# Business Advice needed



## Syed Fahad Zeeshan (Feb 26, 2012)

Hi,

I am all new to this forum and recently came to Dubai.

I am a graduate engineer with experience in handling a Sales & Projects for various telecom operators and vendors in Pakistan. In addition to this, as an entrepreneur, in 2006 I also established a firm primarily involved in in Trainers,Consultants and then later grew it as a subcontractor to provide Human Resources ( both skilled and unskilled).

I ran the full time job and my business entity simultaneously for just over five (05) years until I left my job earlier last year,( I was working as a Group-Supply Chain Manager for a Pakistan Telecom Operator) to grow my company locally and Internationally.
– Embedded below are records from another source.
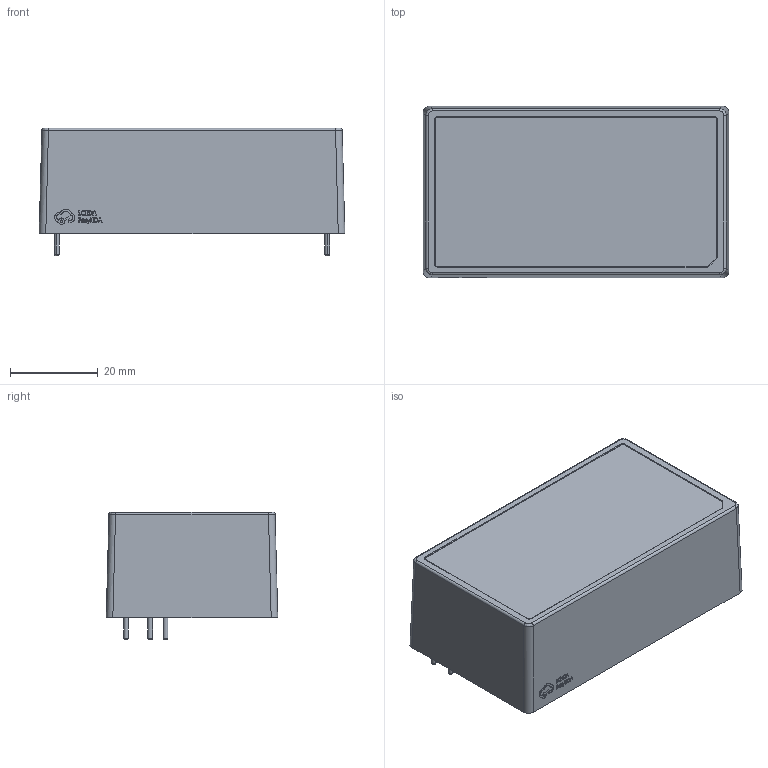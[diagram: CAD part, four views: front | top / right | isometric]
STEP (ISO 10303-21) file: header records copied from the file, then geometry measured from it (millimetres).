
FILE_DESCRIPTION (( 'STEP AP214' ), '1' );
FILE_NAME ('PWRM-TH_L69.5-W39.0_LD30-23B05R2.STEP', '2024-01-16T02:13:59', ( 'PC' ), ( 'Microsoft' ), 'SwSTEP 2.0', 'SolidWorks 2020', '' );
FILE_SCHEMA (( 'AUTOMOTIVE_DESIGN' ));
Length unit declared in the file: millimetre
Products named in the file (1): PWRM-TH_L69.5-W39.0_LD30-23B05R2
Bounding box: 69.5 x 39 x 29 mm (x, y, z)
Volume: 13656.7 mm3; surface area: 25273.3 mm2
Topology: 7 solids, 7 shells, 536 faces, 1413 edges, 920 vertices
Faces by surface type: plane 296, bspline 115, cylinder 93, cone 16, torus 16
Entity records: 23273 total; most frequent: CARTESIAN_POINT 5026, ORIENTED_EDGE 2810, DIRECTION 2242, EDGE_CURVE 1405, LINE 938, VECTOR 938, VERTEX_POINT 920, AXIS2_PLACEMENT_3D 652

In last 2 years of our Operations in Pakistan, we had extended ourselves in Pakistan into all three major cities, Karachi,Lahore and Islamabad and having a sustainable growth locally. However, to initiate the international foot-print I visited U.K ( as I got HSMP visa now valid till Feb-2013) but things were quite slow there so I decided to move back and look for the other options.

Currently, I am in UAE and look forward to seek a genuine advise from the Professionals in this forum about the Business/Consultation trends, possibilities of ventures in the following arenas and how to get started( possible sharing of links and contacts):

1. Subcontracting in the field of Telecom and/or HR-Outsourcing.( including skilled and unskilled).
2. Training and Recruiting of the staff.
3. Repairing and Refurbishment Services.
4. Consultancy assignment for Managed Services.

Looking forward for a postive response form all group members


----------



## Syed Fahad Zeeshan (Feb 26, 2012)

Still waiting to hear from you guys in UAE


----------



## Jynxgirl (Nov 27, 2009)

So, telecom engineering is a field inside mechanical engineering. Everything you have wrote, has nothing to do with engineering. 

Your experience is in training for CSR roles, Hr for CSR roles, and a logistical role?? Just guessing, but you might not be getting alot of bites because the hr department receiving your cv, has no idea what you are trying to say or what you have previously done. 

That said, I would suggest looking at etisilat and du and see what they have. They are the two major telecom companies in the uae. If you are an actual telecom engineer, then I would suggest looking at large corporations as they needs techs for their internal switching/multiplexing/telecomm systems.


----------